#### [Problem]
Your task is to transcribe all of the records exactly and leave out the pictures.

[Dataset content Boundary: Start]

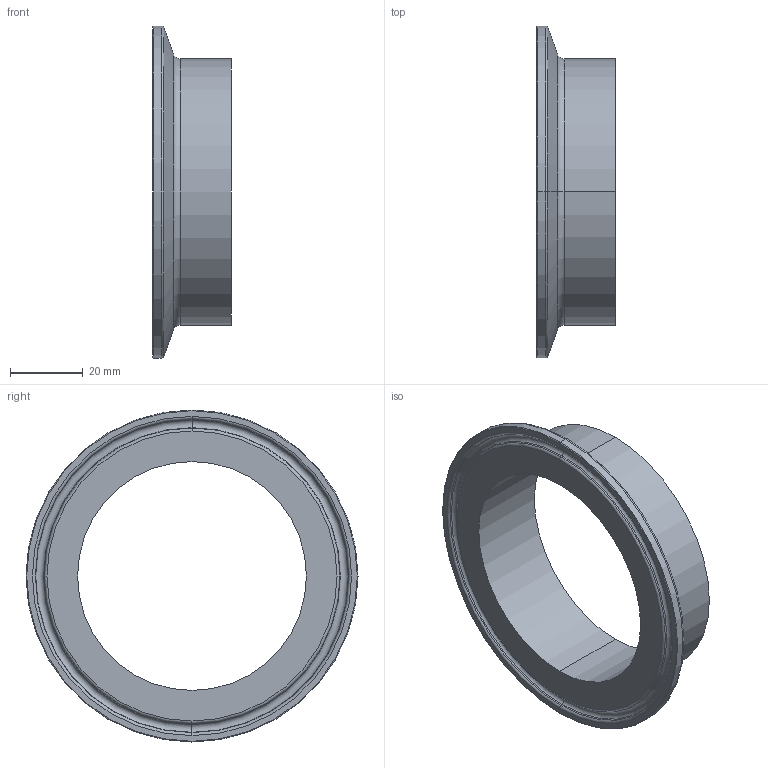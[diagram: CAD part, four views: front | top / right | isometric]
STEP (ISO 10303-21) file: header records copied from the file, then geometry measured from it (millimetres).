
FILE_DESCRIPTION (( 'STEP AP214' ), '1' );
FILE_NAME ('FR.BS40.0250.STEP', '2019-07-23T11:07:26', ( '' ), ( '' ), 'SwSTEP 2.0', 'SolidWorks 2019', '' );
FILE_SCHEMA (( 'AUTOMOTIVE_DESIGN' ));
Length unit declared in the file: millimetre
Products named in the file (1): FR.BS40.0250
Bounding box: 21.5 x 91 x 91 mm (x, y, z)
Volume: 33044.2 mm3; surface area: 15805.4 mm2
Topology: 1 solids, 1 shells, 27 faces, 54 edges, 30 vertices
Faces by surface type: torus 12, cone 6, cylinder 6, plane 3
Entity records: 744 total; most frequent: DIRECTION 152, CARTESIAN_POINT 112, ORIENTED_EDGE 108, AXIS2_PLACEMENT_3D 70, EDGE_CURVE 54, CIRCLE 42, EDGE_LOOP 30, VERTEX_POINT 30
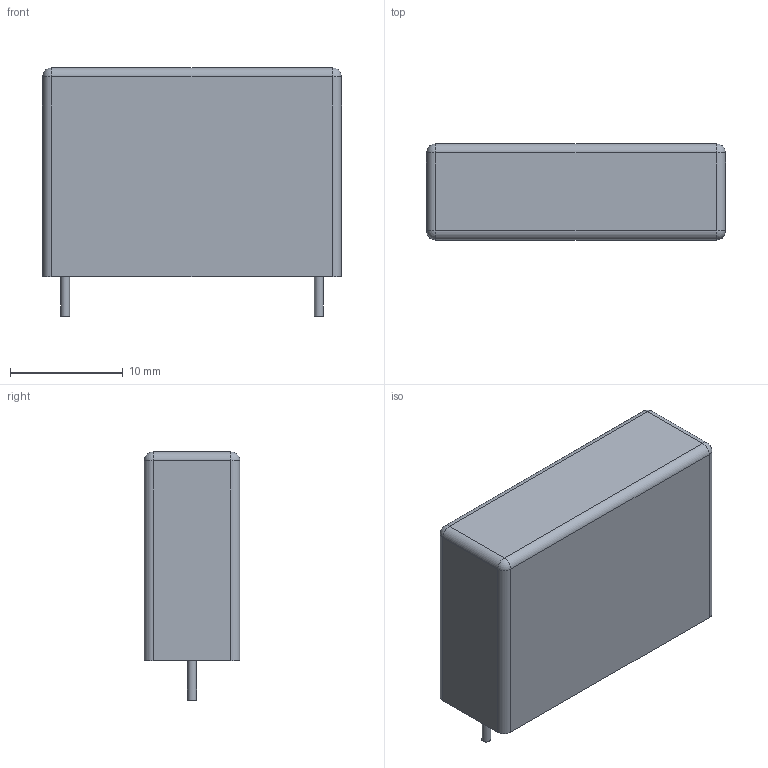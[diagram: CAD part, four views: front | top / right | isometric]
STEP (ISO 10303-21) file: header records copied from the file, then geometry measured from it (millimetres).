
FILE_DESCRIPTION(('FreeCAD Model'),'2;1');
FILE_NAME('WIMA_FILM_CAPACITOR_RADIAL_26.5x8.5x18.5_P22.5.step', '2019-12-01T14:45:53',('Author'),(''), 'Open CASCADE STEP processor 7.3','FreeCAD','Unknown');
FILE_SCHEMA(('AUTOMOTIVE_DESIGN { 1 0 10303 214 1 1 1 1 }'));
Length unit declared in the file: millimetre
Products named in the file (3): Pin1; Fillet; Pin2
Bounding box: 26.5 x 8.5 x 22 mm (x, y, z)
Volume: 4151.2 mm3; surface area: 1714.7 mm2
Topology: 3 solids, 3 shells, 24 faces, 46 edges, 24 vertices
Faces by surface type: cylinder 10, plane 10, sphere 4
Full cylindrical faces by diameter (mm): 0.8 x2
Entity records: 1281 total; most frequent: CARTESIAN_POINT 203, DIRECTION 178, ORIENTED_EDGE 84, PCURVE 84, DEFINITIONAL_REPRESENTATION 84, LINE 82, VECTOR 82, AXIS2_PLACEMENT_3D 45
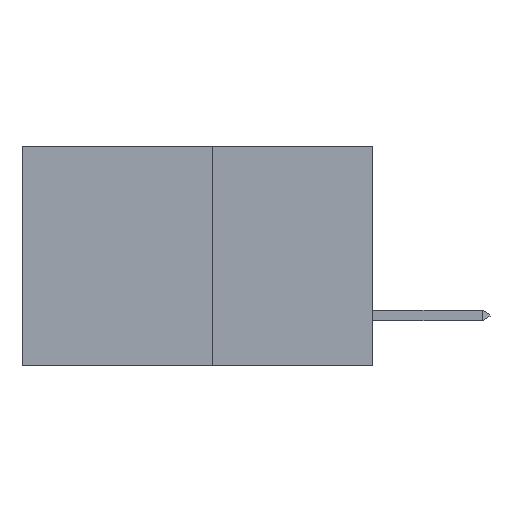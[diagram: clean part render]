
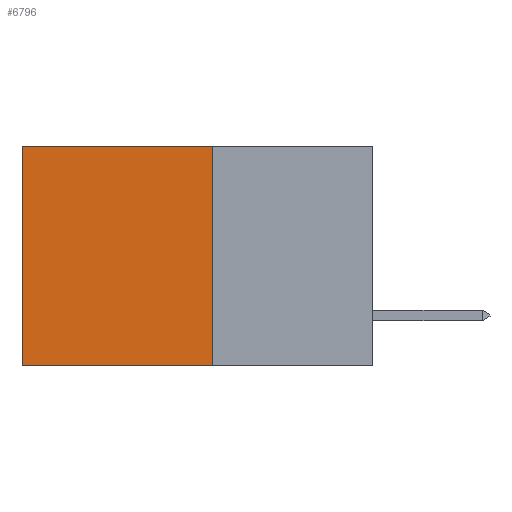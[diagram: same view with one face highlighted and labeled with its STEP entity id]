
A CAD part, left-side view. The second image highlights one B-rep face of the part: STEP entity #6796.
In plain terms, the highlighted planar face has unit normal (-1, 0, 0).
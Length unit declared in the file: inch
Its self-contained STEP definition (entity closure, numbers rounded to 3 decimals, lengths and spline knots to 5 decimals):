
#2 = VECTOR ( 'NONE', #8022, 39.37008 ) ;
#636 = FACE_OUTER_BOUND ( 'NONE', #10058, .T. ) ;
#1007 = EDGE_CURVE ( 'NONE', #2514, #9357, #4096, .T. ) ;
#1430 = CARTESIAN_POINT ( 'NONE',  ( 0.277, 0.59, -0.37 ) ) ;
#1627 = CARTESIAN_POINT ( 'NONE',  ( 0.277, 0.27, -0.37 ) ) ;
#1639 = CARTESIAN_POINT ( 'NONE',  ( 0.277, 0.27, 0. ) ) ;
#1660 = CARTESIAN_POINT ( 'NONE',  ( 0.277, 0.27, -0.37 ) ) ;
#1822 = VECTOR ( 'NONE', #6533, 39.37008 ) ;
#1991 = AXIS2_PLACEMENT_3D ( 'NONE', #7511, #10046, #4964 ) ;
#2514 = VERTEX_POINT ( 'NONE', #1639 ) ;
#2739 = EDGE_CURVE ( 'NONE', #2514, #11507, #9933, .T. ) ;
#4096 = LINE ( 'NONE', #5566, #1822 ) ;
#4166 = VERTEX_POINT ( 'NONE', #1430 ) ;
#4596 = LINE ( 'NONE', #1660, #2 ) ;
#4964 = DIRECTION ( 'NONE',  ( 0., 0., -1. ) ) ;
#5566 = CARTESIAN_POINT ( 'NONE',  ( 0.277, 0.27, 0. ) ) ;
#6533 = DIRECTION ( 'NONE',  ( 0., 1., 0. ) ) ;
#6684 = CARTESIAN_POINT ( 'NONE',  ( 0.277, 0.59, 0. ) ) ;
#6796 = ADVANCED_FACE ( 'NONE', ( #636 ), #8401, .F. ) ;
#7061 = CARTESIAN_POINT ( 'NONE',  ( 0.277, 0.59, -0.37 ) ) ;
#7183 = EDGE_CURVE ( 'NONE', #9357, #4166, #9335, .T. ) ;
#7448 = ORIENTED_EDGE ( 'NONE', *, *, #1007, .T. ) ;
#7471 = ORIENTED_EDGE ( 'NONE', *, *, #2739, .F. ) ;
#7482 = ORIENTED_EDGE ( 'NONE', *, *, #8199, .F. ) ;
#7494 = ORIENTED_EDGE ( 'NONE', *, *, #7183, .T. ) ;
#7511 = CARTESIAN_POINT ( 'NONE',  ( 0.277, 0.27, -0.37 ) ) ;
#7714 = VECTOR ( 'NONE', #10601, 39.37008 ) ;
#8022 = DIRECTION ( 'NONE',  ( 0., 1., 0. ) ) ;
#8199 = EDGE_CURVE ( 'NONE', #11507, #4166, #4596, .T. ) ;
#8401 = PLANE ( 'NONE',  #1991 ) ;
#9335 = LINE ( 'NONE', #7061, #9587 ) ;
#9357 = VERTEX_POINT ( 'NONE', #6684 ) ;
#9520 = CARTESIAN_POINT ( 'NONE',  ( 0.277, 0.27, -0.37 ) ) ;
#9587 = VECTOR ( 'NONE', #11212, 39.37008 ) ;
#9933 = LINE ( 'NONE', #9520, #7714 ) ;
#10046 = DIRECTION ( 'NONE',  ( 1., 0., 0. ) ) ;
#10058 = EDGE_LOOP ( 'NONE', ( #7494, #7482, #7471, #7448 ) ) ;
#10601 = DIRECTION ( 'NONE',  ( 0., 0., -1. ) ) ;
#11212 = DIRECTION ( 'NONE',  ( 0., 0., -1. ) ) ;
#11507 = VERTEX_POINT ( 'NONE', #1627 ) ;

[Dataset content Boundary: End]

#### [The completed task]
[diagram: CAD part, four views: front | top / right | isometric]
STEP (ISO 10303-21) file: header records copied from the file, then geometry measured from it (millimetres).
FILE_DESCRIPTION (( 'STEP AP214' ), '1' );
FILE_NAME ('FR.BS40.0250.STEP', '2019-07-23T11:07:26', ( '' ), ( '' ), 'SwSTEP 2.0', 'SolidWorks 2019', '' );
FILE_SCHEMA (( 'AUTOMOTIVE_DESIGN' ));
Length unit declared in the file: millimetre
Products named in the file (1): FR.BS40.0250
Bounding box: 21.5 x 91 x 91 mm (x, y, z)
Volume: 33044.2 mm3; surface area: 15805.4 mm2
Topology: 1 solids, 1 shells, 27 faces, 54 edges, 30 vertices
Faces by surface type: torus 12, cone 6, cylinder 6, plane 3
Entity records: 744 total; most frequent: DIRECTION 152, CARTESIAN_POINT 112, ORIENTED_EDGE 108, AXIS2_PLACEMENT_3D 70, EDGE_CURVE 54, CIRCLE 42, EDGE_LOOP 30, VERTEX_POINT 30
[diagram: CAD part, four views: front | top / right | isometric]
STEP (ISO 10303-21) file: header records copied from the file, then geometry measured from it (millimetres).
FILE_DESCRIPTION(('FreeCAD Model'),'2;1');
FILE_NAME('WIMA_FILM_CAPACITOR_RADIAL_26.5x8.5x18.5_P22.5.step', '2019-12-01T14:45:53',('Author'),(''), 'Open CASCADE STEP processor 7.3','FreeCAD','Unknown');
FILE_SCHEMA(('AUTOMOTIVE_DESIGN { 1 0 10303 214 1 1 1 1 }'));
Length unit declared in the file: millimetre
Products named in the file (3): Pin1; Fillet; Pin2
Bounding box: 26.5 x 8.5 x 22 mm (x, y, z)
Volume: 4151.2 mm3; surface area: 1714.7 mm2
Topology: 3 solids, 3 shells, 24 faces, 46 edges, 24 vertices
Faces by surface type: cylinder 10, plane 10, sphere 4
Full cylindrical faces by diameter (mm): 0.8 x2
Entity records: 1281 total; most frequent: CARTESIAN_POINT 203, DIRECTION 178, ORIENTED_EDGE 84, PCURVE 84, DEFINITIONAL_REPRESENTATION 84, LINE 82, VECTOR 82, AXIS2_PLACEMENT_3D 45
[diagram: clean part render]
[diagram: same view with one face highlighted and labeled with its STEP entity id]
A CAD part, left-side view. The second image highlights one B-rep face of the part: STEP entity #6796.
In plain terms, the highlighted planar face has unit normal (-1, 0, 0).
Length unit declared in the file: inch
Its self-contained STEP definition (entity closure, numbers rounded to 3 decimals, lengths and spline knots to 5 decimals):
#2 = VECTOR ( 'NONE', #8022, 39.37008 ) ;
#636 = FACE_OUTER_BOUND ( 'NONE', #10058, .T. ) ;
#1007 = EDGE_CURVE ( 'NONE', #2514, #9357, #4096, .T. ) ;
#1430 = CARTESIAN_POINT ( 'NONE',  ( 0.277, 0.59, -0.37 ) ) ;
#1627 = CARTESIAN_POINT ( 'NONE',  ( 0.277, 0.27, -0.37 ) ) ;
#1639 = CARTESIAN_POINT ( 'NONE',  ( 0.277, 0.27, 0. ) ) ;
#1660 = CARTESIAN_POINT ( 'NONE',  ( 0.277, 0.27, -0.37 ) ) ;
#1822 = VECTOR ( 'NONE', #6533, 39.37008 ) ;
#1991 = AXIS2_PLACEMENT_3D ( 'NONE', #7511, #10046, #4964 ) ;
#2514 = VERTEX_POINT ( 'NONE', #1639 ) ;
#2739 = EDGE_CURVE ( 'NONE', #2514, #11507, #9933, .T. ) ;
#4096 = LINE ( 'NONE', #5566, #1822 ) ;
#4166 = VERTEX_POINT ( 'NONE', #1430 ) ;
#4596 = LINE ( 'NONE', #1660, #2 ) ;
#4964 = DIRECTION ( 'NONE',  ( 0., 0., -1. ) ) ;
#5566 = CARTESIAN_POINT ( 'NONE',  ( 0.277, 0.27, 0. ) ) ;
#6533 = DIRECTION ( 'NONE',  ( 0., 1., 0. ) ) ;
#6684 = CARTESIAN_POINT ( 'NONE',  ( 0.277, 0.59, 0. ) ) ;
#6796 = ADVANCED_FACE ( 'NONE', ( #636 ), #8401, .F. ) ;
#7061 = CARTESIAN_POINT ( 'NONE',  ( 0.277, 0.59, -0.37 ) ) ;
#7183 = EDGE_CURVE ( 'NONE', #9357, #4166, #9335, .T. ) ;
#7448 = ORIENTED_EDGE ( 'NONE', *, *, #1007, .T. ) ;
#7471 = ORIENTED_EDGE ( 'NONE', *, *, #2739, .F. ) ;
#7482 = ORIENTED_EDGE ( 'NONE', *, *, #8199, .F. ) ;
#7494 = ORIENTED_EDGE ( 'NONE', *, *, #7183, .T. ) ;
#7511 = CARTESIAN_POINT ( 'NONE',  ( 0.277, 0.27, -0.37 ) ) ;
#7714 = VECTOR ( 'NONE', #10601, 39.37008 ) ;
#8022 = DIRECTION ( 'NONE',  ( 0., 1., 0. ) ) ;
#8199 = EDGE_CURVE ( 'NONE', #11507, #4166, #4596, .T. ) ;
#8401 = PLANE ( 'NONE',  #1991 ) ;
#9335 = LINE ( 'NONE', #7061, #9587 ) ;
#9357 = VERTEX_POINT ( 'NONE', #6684 ) ;
#9520 = CARTESIAN_POINT ( 'NONE',  ( 0.277, 0.27, -0.37 ) ) ;
#9587 = VECTOR ( 'NONE', #11212, 39.37008 ) ;
#9933 = LINE ( 'NONE', #9520, #7714 ) ;
#10046 = DIRECTION ( 'NONE',  ( 1., 0., 0. ) ) ;
#10058 = EDGE_LOOP ( 'NONE', ( #7494, #7482, #7471, #7448 ) ) ;
#10601 = DIRECTION ( 'NONE',  ( 0., 0., -1. ) ) ;
#11212 = DIRECTION ( 'NONE',  ( 0., 0., -1. ) ) ;
#11507 = VERTEX_POINT ( 'NONE', #1627 ) ;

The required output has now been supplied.